(Records from a data collection)
◆ ◆ ◆ ◆
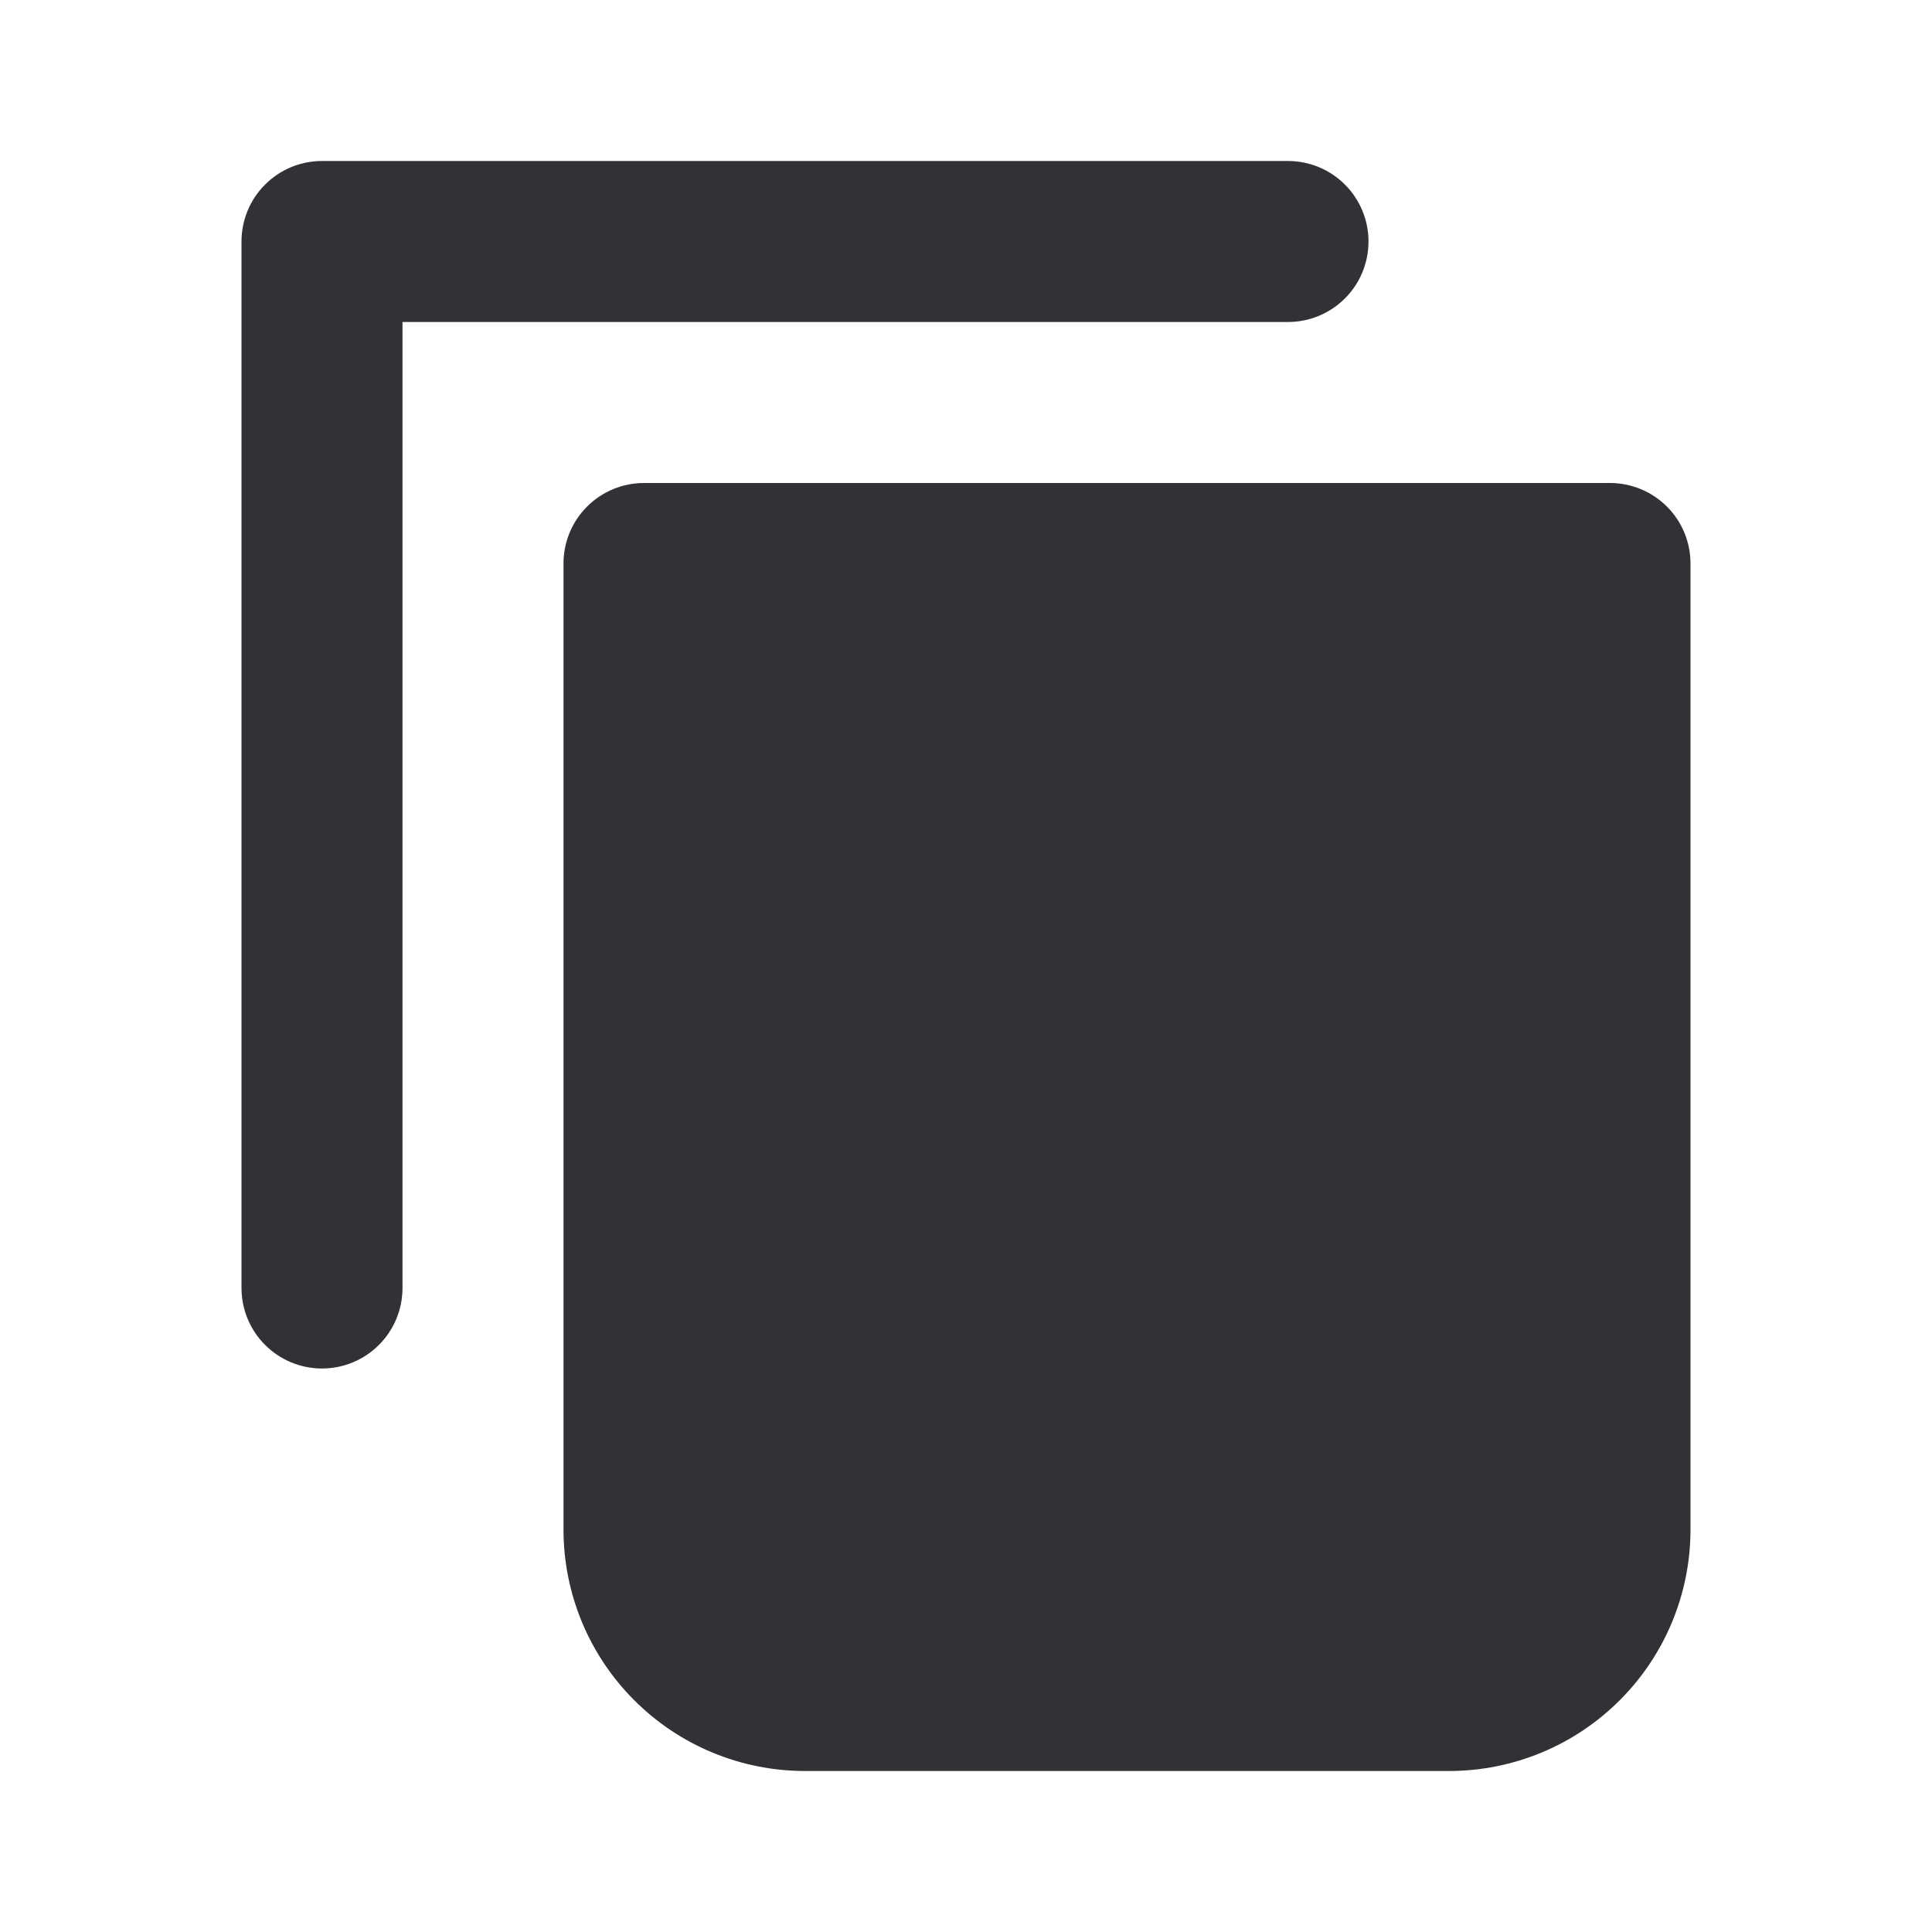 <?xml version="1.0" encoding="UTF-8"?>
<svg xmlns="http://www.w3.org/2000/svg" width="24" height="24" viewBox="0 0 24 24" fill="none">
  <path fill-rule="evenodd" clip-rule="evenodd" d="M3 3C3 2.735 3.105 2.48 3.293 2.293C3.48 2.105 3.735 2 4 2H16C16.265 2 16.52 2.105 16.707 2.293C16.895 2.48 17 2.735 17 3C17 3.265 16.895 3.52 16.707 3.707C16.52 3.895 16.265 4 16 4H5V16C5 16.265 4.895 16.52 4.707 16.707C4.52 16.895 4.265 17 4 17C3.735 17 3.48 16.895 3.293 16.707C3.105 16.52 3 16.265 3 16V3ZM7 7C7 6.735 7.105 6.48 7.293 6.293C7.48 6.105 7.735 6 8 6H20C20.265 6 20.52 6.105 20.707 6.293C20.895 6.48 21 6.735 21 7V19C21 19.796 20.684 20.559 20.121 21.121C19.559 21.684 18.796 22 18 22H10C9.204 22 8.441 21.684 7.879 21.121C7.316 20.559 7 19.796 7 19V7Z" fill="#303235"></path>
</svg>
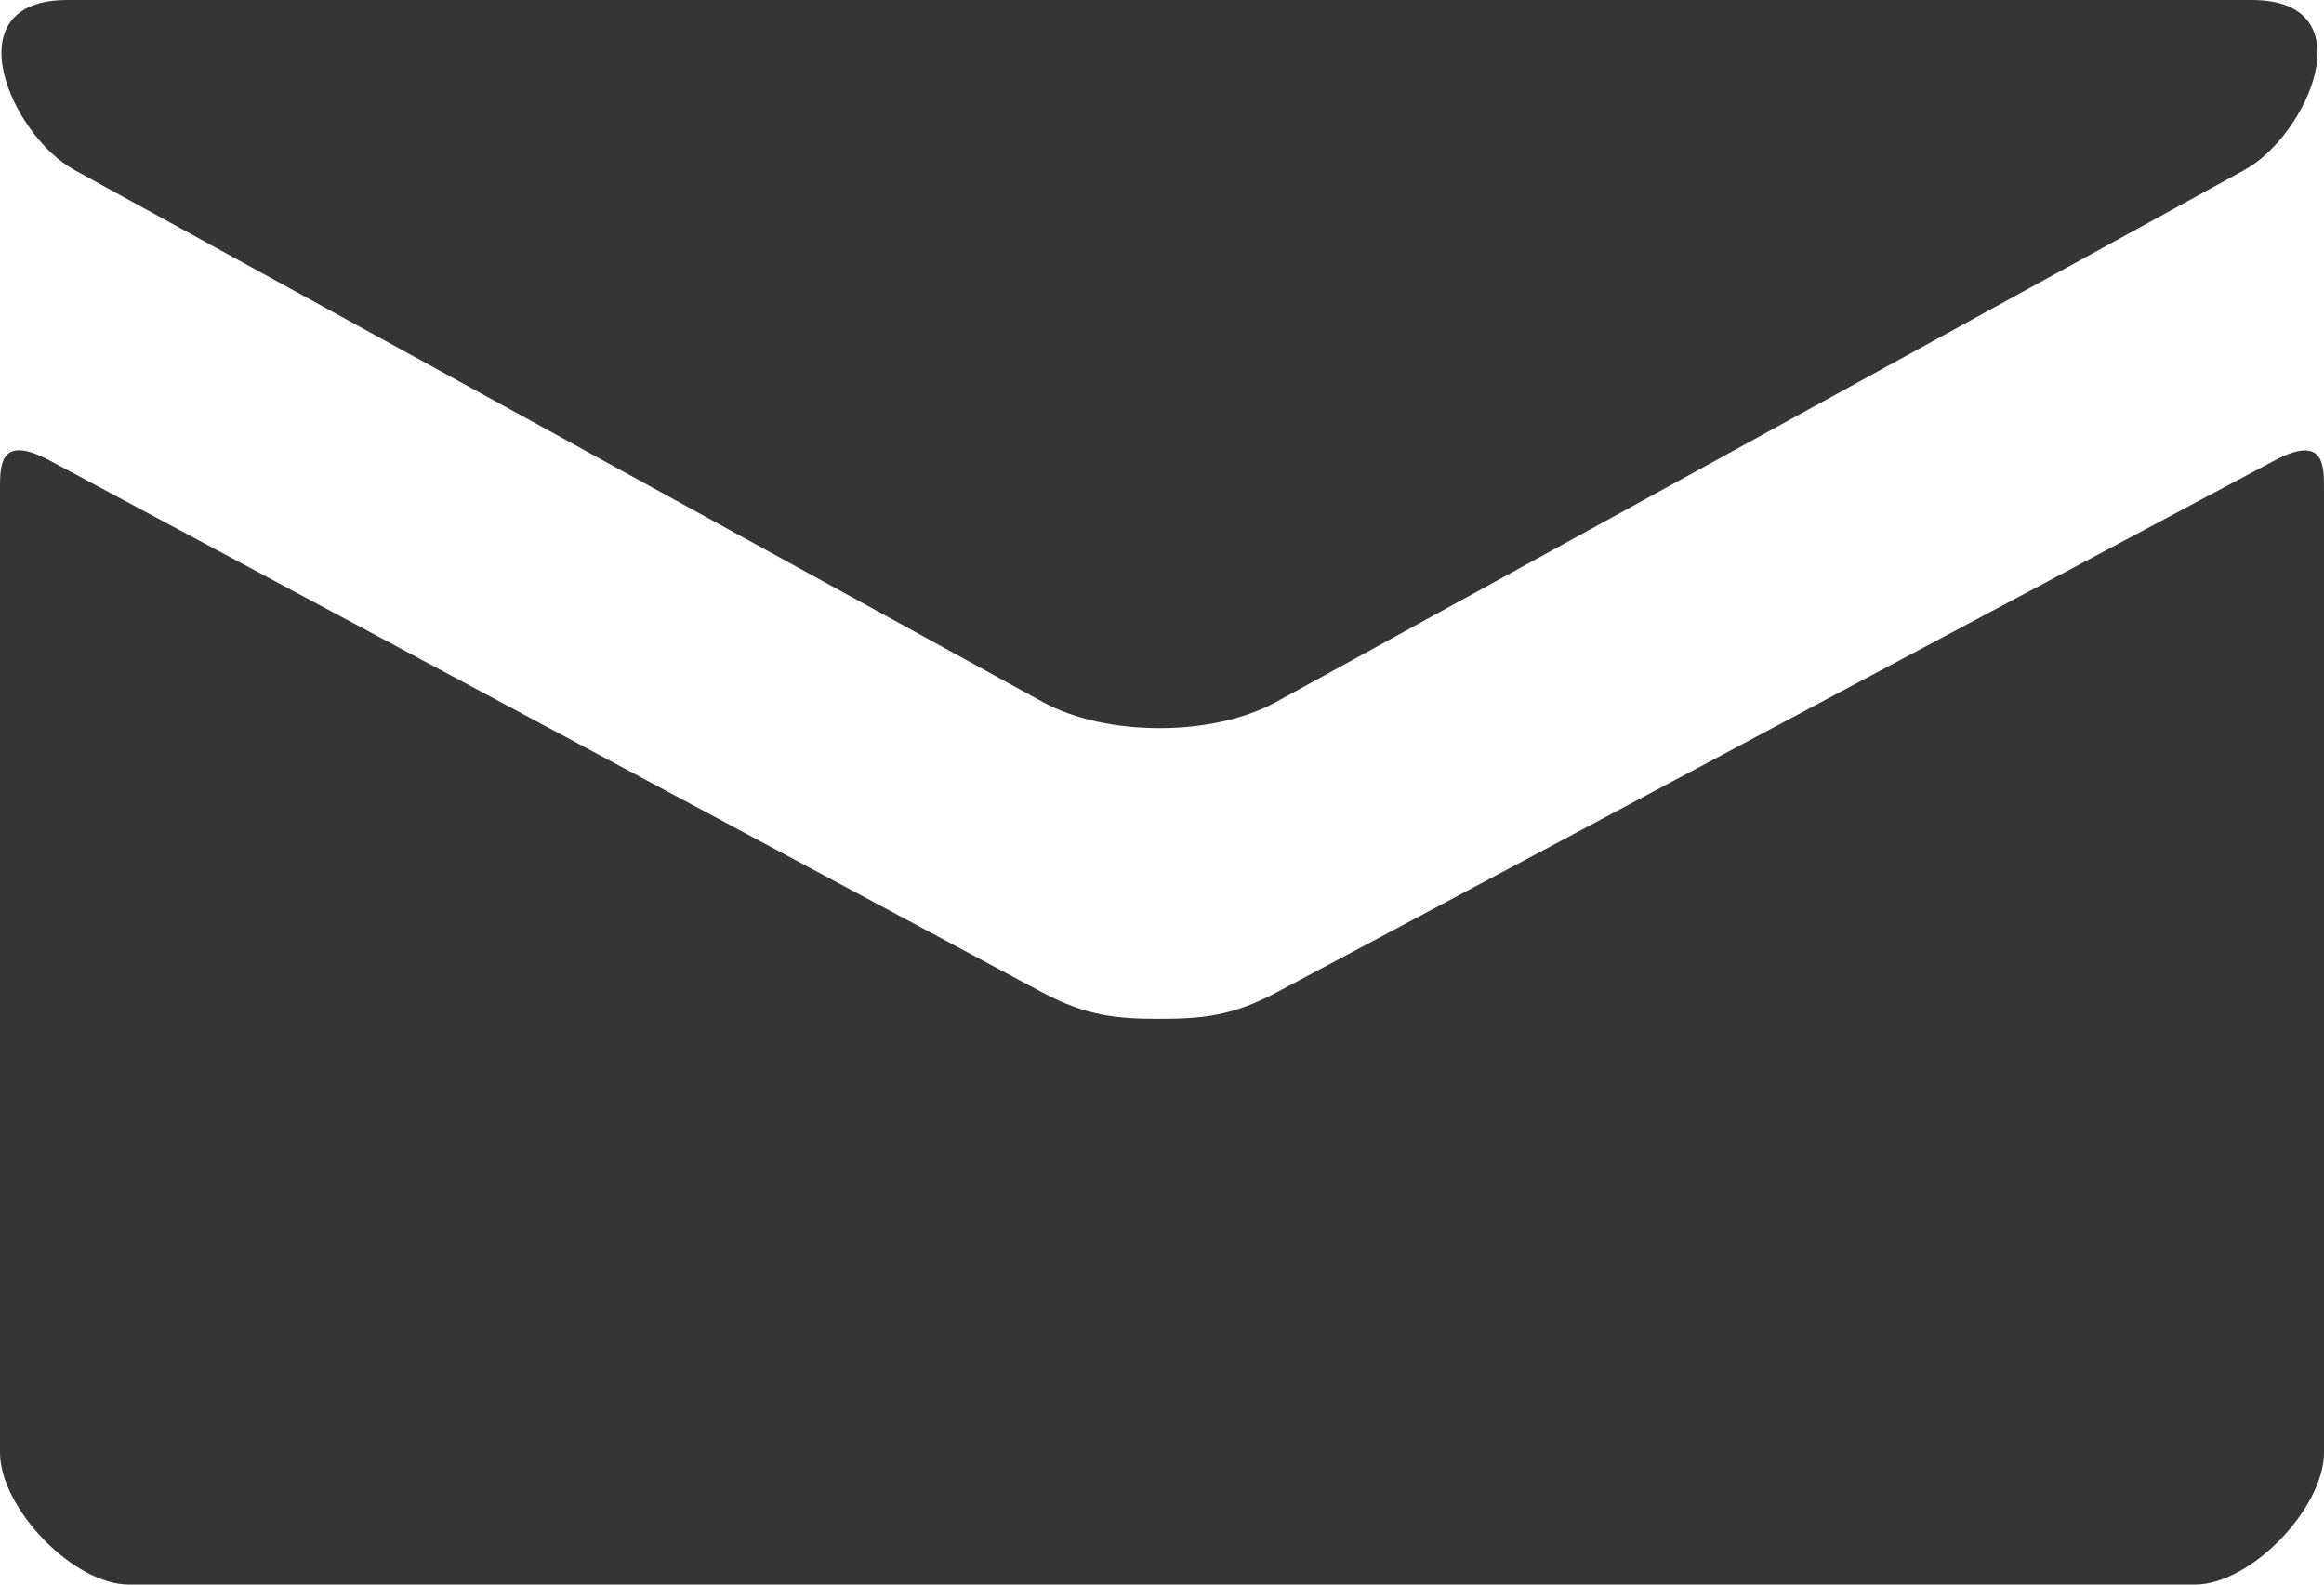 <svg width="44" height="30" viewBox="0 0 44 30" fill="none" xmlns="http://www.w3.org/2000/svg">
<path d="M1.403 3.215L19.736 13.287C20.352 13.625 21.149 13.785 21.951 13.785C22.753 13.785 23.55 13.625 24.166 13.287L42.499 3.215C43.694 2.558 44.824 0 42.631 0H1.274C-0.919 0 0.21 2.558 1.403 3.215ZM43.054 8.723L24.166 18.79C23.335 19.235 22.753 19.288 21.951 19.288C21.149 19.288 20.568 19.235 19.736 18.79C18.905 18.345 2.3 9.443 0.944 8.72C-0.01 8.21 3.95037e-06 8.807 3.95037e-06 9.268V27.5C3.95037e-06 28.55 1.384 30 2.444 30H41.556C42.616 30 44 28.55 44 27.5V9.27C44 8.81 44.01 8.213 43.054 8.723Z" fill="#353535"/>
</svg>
◆ ◆ ◆ ◆
- [Exercise aim] Write out the entries above in full and exactly; no pictures.

- [Answer to the exercise]
 <?xml version="1.0" encoding="UTF-8"?>
<svg xmlns="http://www.w3.org/2000/svg" width="24" height="24" viewBox="0 0 24 24" fill="none">
  <path fill-rule="evenodd" clip-rule="evenodd" d="M3 3C3 2.735 3.105 2.48 3.293 2.293C3.48 2.105 3.735 2 4 2H16C16.265 2 16.52 2.105 16.707 2.293C16.895 2.48 17 2.735 17 3C17 3.265 16.895 3.52 16.707 3.707C16.52 3.895 16.265 4 16 4H5V16C5 16.265 4.895 16.52 4.707 16.707C4.52 16.895 4.265 17 4 17C3.735 17 3.48 16.895 3.293 16.707C3.105 16.52 3 16.265 3 16V3ZM7 7C7 6.735 7.105 6.48 7.293 6.293C7.48 6.105 7.735 6 8 6H20C20.265 6 20.52 6.105 20.707 6.293C20.895 6.48 21 6.735 21 7V19C21 19.796 20.684 20.559 20.121 21.121C19.559 21.684 18.796 22 18 22H10C9.204 22 8.441 21.684 7.879 21.121C7.316 20.559 7 19.796 7 19V7Z" fill="#303235"></path>
</svg>
 <svg width="44" height="30" viewBox="0 0 44 30" fill="none" xmlns="http://www.w3.org/2000/svg">
<path d="M1.403 3.215L19.736 13.287C20.352 13.625 21.149 13.785 21.951 13.785C22.753 13.785 23.55 13.625 24.166 13.287L42.499 3.215C43.694 2.558 44.824 0 42.631 0H1.274C-0.919 0 0.21 2.558 1.403 3.215ZM43.054 8.723L24.166 18.79C23.335 19.235 22.753 19.288 21.951 19.288C21.149 19.288 20.568 19.235 19.736 18.79C18.905 18.345 2.3 9.443 0.944 8.72C-0.01 8.21 3.95037e-06 8.807 3.95037e-06 9.268V27.5C3.95037e-06 28.55 1.384 30 2.444 30H41.556C42.616 30 44 28.55 44 27.5V9.27C44 8.81 44.01 8.213 43.054 8.723Z" fill="#353535"/>
</svg>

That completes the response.